Vivek Juneja: Great. Second, another little detail for you, your software processing and data, could you parse that into data versus CRD since that’s not combined. So you got this big growth rate there? What’s going on underneath? How much is data? How much is…?

Eric Aboaf: Sure. It’s a combination. I mean, the bulk of that is really around Charles River and the franchise that we purchased back in 2018, which has really given us the kind of growth that we had expected. So you can go back and compare the size of the franchise, I think at the last disclosure. I think we probably showed it a year ago and compare it to that software and data line and get a kind of an adjustment. But it’s the large majority, I’ll say, of that line. Data to us is though a very appealing offering that supplements what’s in — sometimes sold with the Charles River offering sometimes with Alpha and the middle office, sometimes sold as supplemental to just custody and accounting because it’s such a high-value and informative kind of window, sometimes for risk management purposes, sometimes for client transparency purposes for our asset manager or asset owner clients.

And so it’s actually one of the faster growing areas of that area. And that’s why we’ve put it together because it’s actually a software type sale, but an important one.

Ronald P. O’Hanley: Yes Vivek, it’s Ron. Let me just add to that because we’ve done a lot of innovation in this area of new product development, and we do expect that to continue to grow as Eric said, because what — everybody is interested in simplifying their operations, simplifying and getting control of their tech depth and innovating on the technology side. But in addition, there’s a data management, data control in some parts of the world with some investors, it’s also location of data. Where does the data actually both move and rest. So this is sitting increasingly — this is a growth area. It goes beyond asset managers, large asset owners in particular very interested in this. So we see it as a way to extend what we’re doing broadly in the Alpha arena.
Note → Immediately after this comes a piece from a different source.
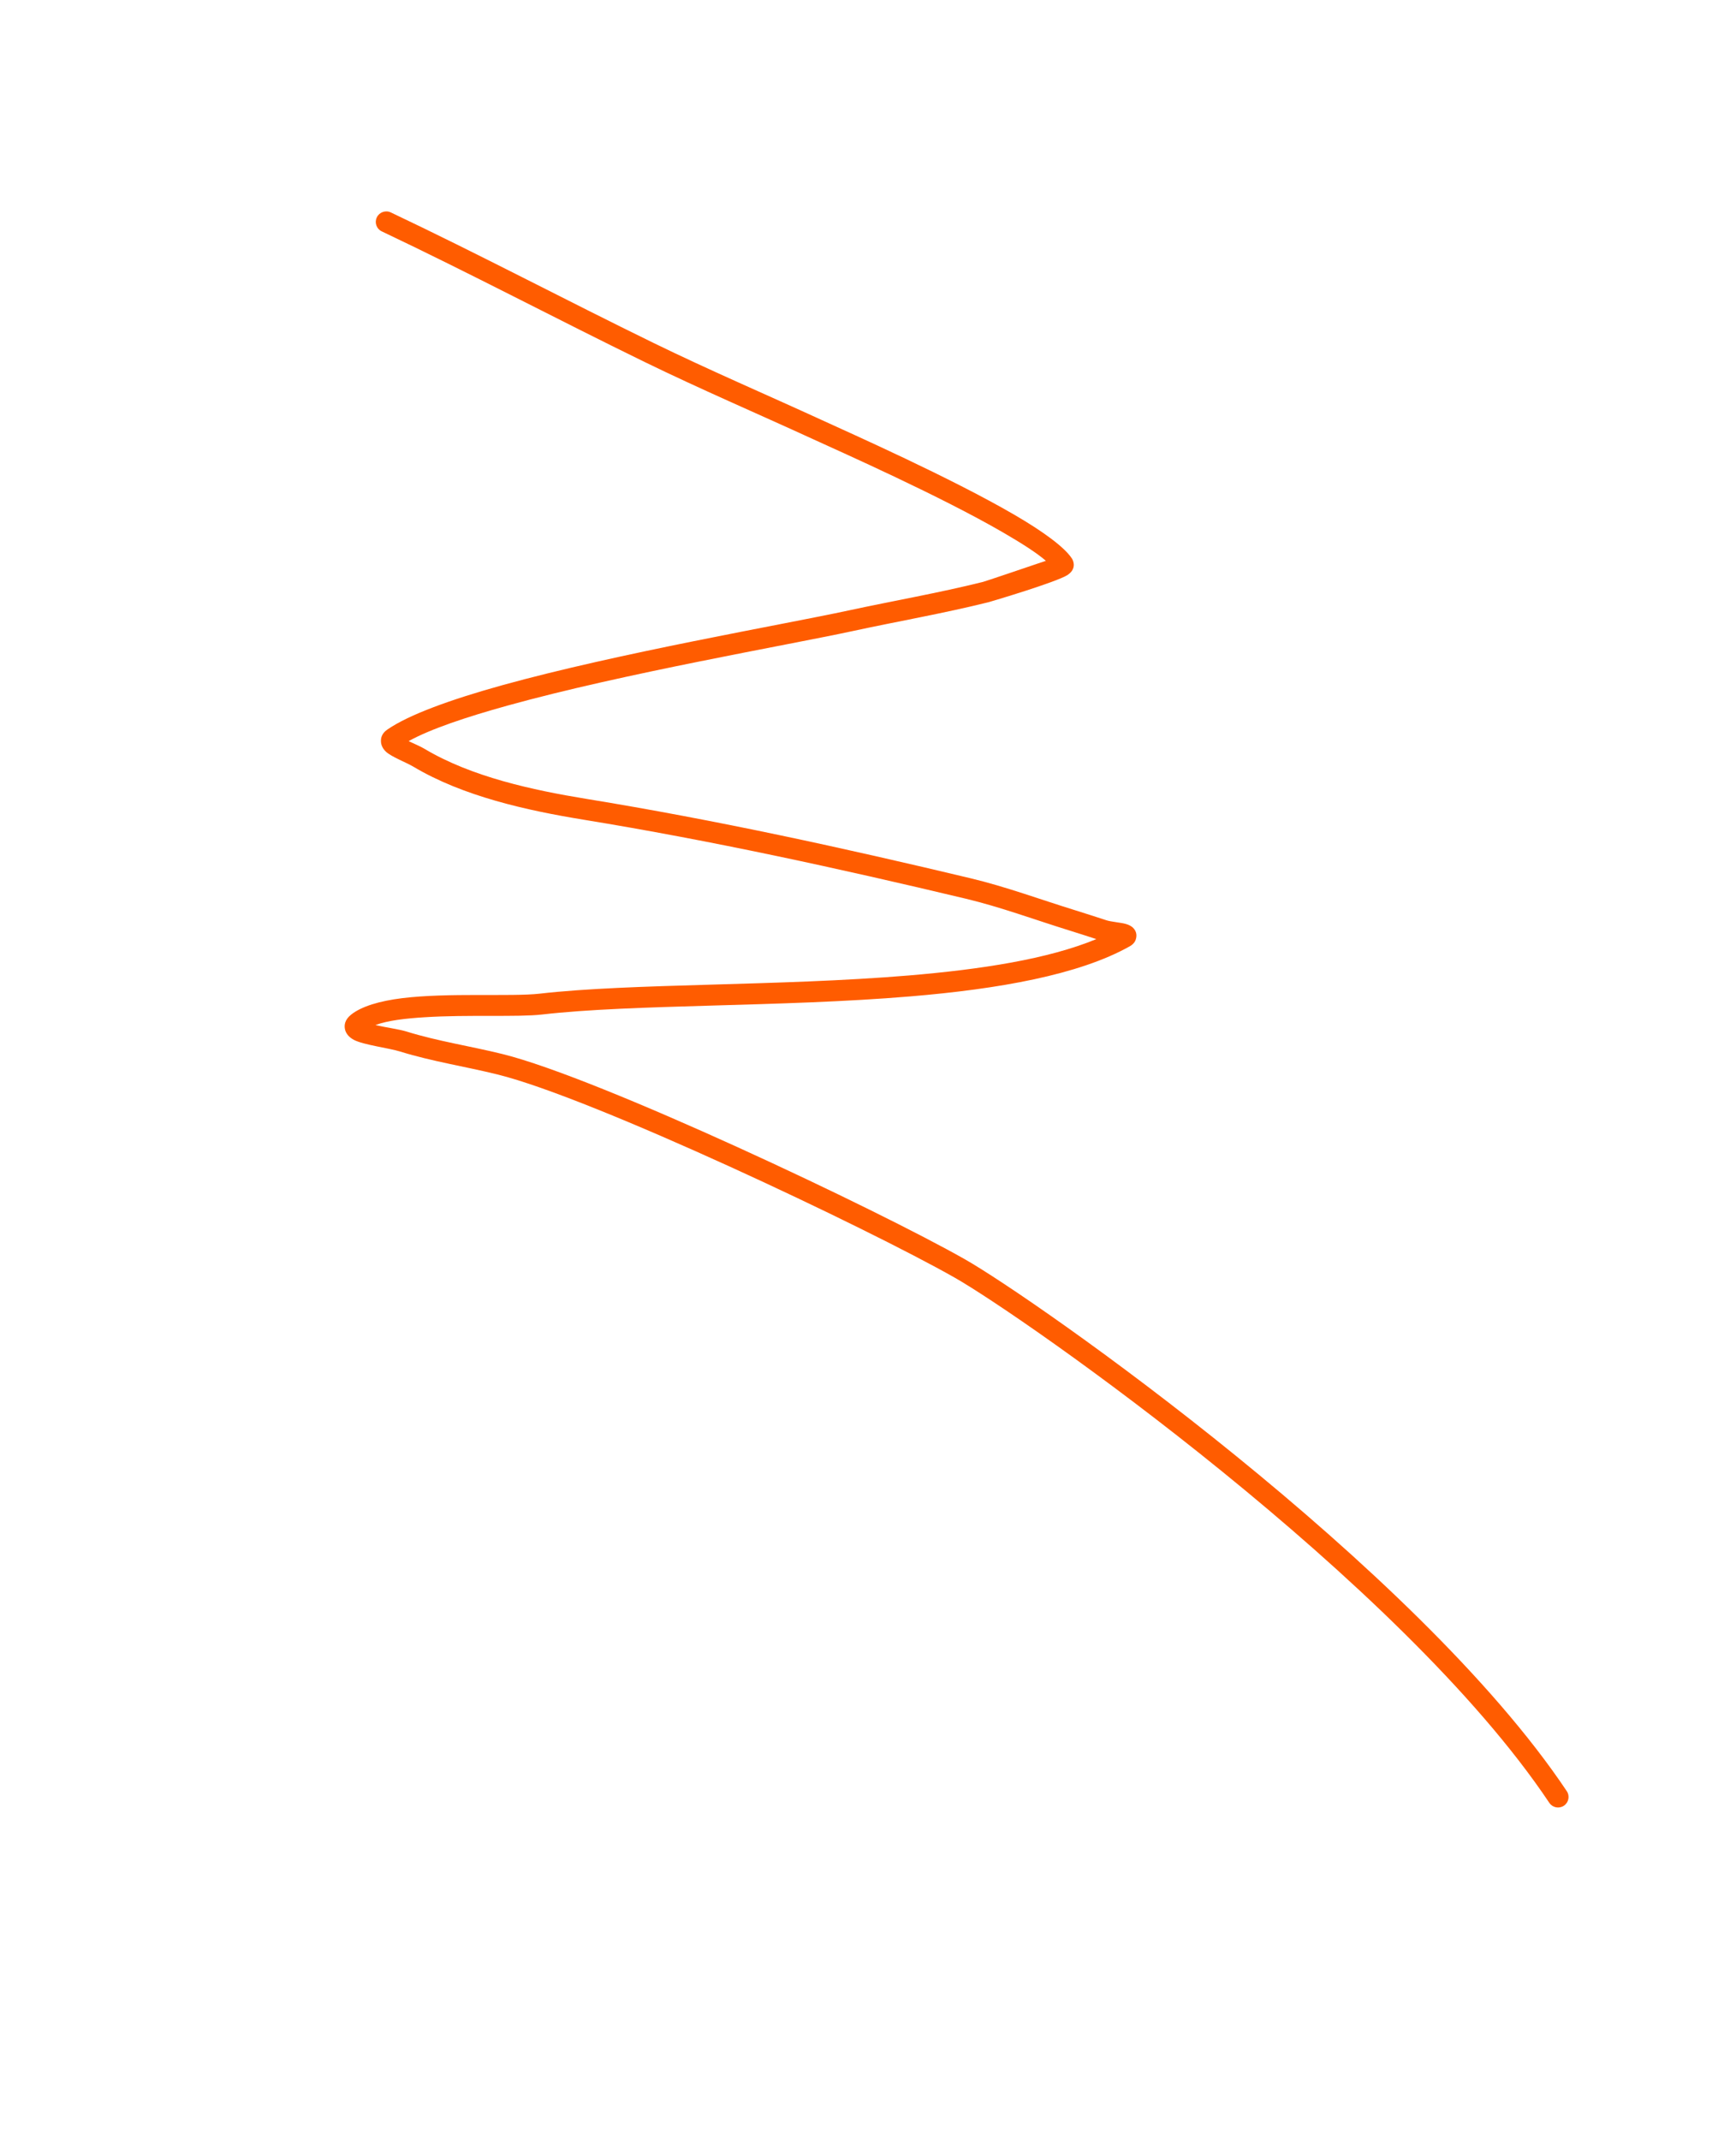 <svg width="185" height="228" viewBox="0 0 185 228" fill="none" xmlns="http://www.w3.org/2000/svg">
<path fill-rule="evenodd" clip-rule="evenodd" d="M43.55 78.955L43.682 79.023C44.254 79.288 44.841 79.543 45.211 79.764C50.254 82.777 56.76 84.176 62.503 85.115C76.246 87.355 89.867 90.333 103.413 93.566C107.209 94.472 110.89 95.841 114.614 96.99C115.715 97.331 116.806 97.689 117.901 98.044C118.376 98.204 119.442 98.287 119.966 98.434C120.345 98.536 120.598 98.705 120.734 98.833C121.071 99.166 121.152 99.538 121.082 99.91C121.04 100.151 120.914 100.524 120.4 100.815C114.984 103.864 106.422 105.369 97.017 106.156C83.203 107.313 67.558 106.962 57.767 108.085C55.194 108.382 49.846 108.083 45.253 108.377C43.217 108.503 41.334 108.717 40.005 109.21C41.12 109.466 42.538 109.655 43.312 109.896C46.659 110.936 50.154 111.457 53.551 112.298C63.883 114.853 93.496 128.865 102.819 134.159C110.361 138.439 150.954 166.864 166.966 190.828C167.31 191.343 167.173 192.037 166.658 192.381C166.143 192.725 165.446 192.584 165.105 192.073C149.285 168.397 109.165 140.334 101.714 136.105C92.493 130.871 63.227 116.995 53.017 114.473C49.574 113.622 46.037 113.084 42.648 112.032C41.426 111.652 38.74 111.326 37.717 110.789C37.139 110.487 36.859 110.064 36.771 109.696C36.666 109.245 36.719 108.667 37.398 108.114C38.511 107.213 40.477 106.642 42.841 106.347C47.763 105.739 54.521 106.206 57.514 105.864C67.318 104.738 82.991 105.083 96.831 103.927C104.544 103.28 111.678 102.185 116.831 100.052C115.874 99.737 114.917 99.431 113.952 99.13C110.274 97.991 106.645 96.638 102.896 95.742C89.401 92.525 75.831 89.555 62.144 87.323C56.133 86.342 49.339 84.836 44.063 81.688C43.32 81.243 41.698 80.629 41.124 80.081C40.755 79.73 40.608 79.34 40.597 79C40.578 78.582 40.713 78.116 41.275 77.729C43.573 76.139 48.062 74.519 53.515 73.005C65.905 69.569 83.351 66.564 90.437 65.037C95.196 64.011 100.022 63.174 104.746 61.998C104.981 61.94 109.368 60.457 111.455 59.748C110.45 58.875 108.826 57.853 106.912 56.74C100.18 52.836 89.806 48.237 86.676 46.802C80.676 44.047 74.618 41.453 68.681 38.558C59.312 33.989 50.105 29.119 40.685 24.652C40.126 24.39 39.889 23.721 40.153 23.165C40.418 22.604 41.088 22.367 41.643 22.63C51.073 27.097 60.288 31.972 69.666 36.547C75.582 39.434 81.625 42.02 87.612 44.768C90.77 46.217 101.239 50.864 108.033 54.806C111.149 56.611 113.499 58.335 114.251 59.54C114.456 59.876 114.668 60.674 113.753 61.265C112.581 62.019 105.622 64.088 105.288 64.172C100.54 65.352 95.69 66.192 90.909 67.225C83.847 68.749 66.46 71.74 54.116 75.165C49.673 76.397 45.891 77.665 43.55 78.955Z" fill="#FF5C00"/>
</svg>

Vivek Juneja: And just to clarify on CRD, Eric, to your comment earlier, when you previously talked about it was growing in sort of the low double-digit range. This was a year or two ago when you were when it was broken out. Is that still the pace at which is just continuing to grow or is that as it matures, slowing down a little bit or is it accelerating any granularity or any color on that?

Eric Aboaf: Yes. It continues through odd pace. I’d say it moves around depending on some of the on-premise renewals that still flow through the P&L, high single digits, low double-digits. And what we’ve done is continued to — the team continues to drive kind of the core CRD offerings, the — start with an equity product. It’s moved to equity and fixed income, which are now industry, I think, industry at peer levels, in some cases, industry-leading. And then what we’ve done is supplemented that. For example, we purchased a small company called Markidis , which was kind of a front-end portion of a Charles River type offering. And so we’ve added a kind of private market area to what I’ll call the broader Charles River Complex.

So this is an area that I think will continue to grow probably twice the rate of State Street — it will help lead us forward but also as the tip of the spear of how we engage with clients, new clients, existing clients in broader ways. And that’s why the core software, I think, is an important product. And what I think I’ve been pleased with, especially this year, which has been all over the place economically and politically, right, even with the equity markets up and down, software and software growth, core Charles River, data, private software for private continues to grow in this double-digit range. Low double-digit range through thick and thin, and that helps balance out, I think, the growth dynamic of the company.

Vivek Juneja: Great, thank you.

Operator: Thank you. 1That will be for our last question. I’ll be turning the call over back to Mr. Ron O’Hanley for closing remarks.

Ronald P. O’Hanley: Thank you, operator and thanks to all for joining us.

Operator: Ladies and gentlemen, this concludes your conference call for today. We thank you for participating and ask that you please disconnect your lines. Have a lovely day.